In Tim Lawrence's sketch comedy show, I think You Should Leave (on Netflix), a skit begins in a corporate conference room where a boss with about ten lackeys is tediously going through some kind of loose-leaf policy manual. At addendum 4, the boss gets up and leaves the room (presumably to go to the toilet). One of the workers hops on the conference room table and pretends to surf. At first, the other workers are disapproving or simply frightened to act on their own rebellious inclinations. But someone starts humming surfer rock and roll and the girls pretend to dance; someone else mimes a shark and a guy spins two chairs saying that they are whirlpools. Then, Lawrence's character jumps up, cries "It's a real big wave" and knocks over the table with the looseleaf notebooks and the surfer boy atop it. People get hurt and someone says: "What the fuck?" Lawrence's character says he's sorry that he got carried away and that this always happens to him.

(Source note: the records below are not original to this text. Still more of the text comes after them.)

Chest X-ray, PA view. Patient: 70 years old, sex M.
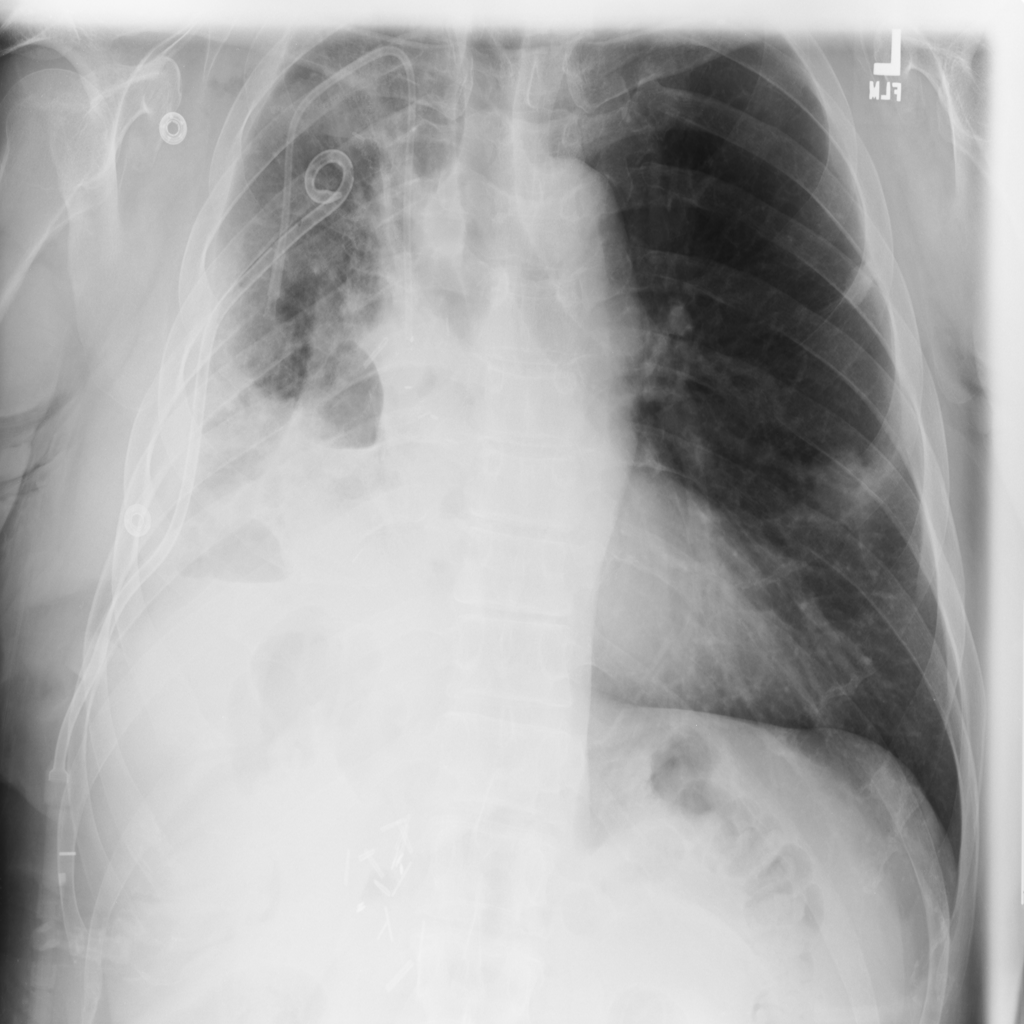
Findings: Emphysema, Pleural_Thickening

A few months earlier on his birthday, someone gave him "chode" pants and this put him into a deep funk. ("Chode" pants, it is explained, have a 57 inch waist and legs that are only ten inches long.) Lawrence starts moping and says that the woman who gave him "chode" pants could have afforded a better gift for him. "After all, your husband is loaded," he says. Then, he remarks: "He's not very attractive." Distressed, the woman says that her husband is very attractive. When she speaks these words, Lawrence's character plants his hands on his hips, pouts, and rolls his eyes. I thought this was very funny but couldn't figure out why. I suppose the story could be etched into a pot and, then, described in glyphic writing. Maybe, that would clarify things for me.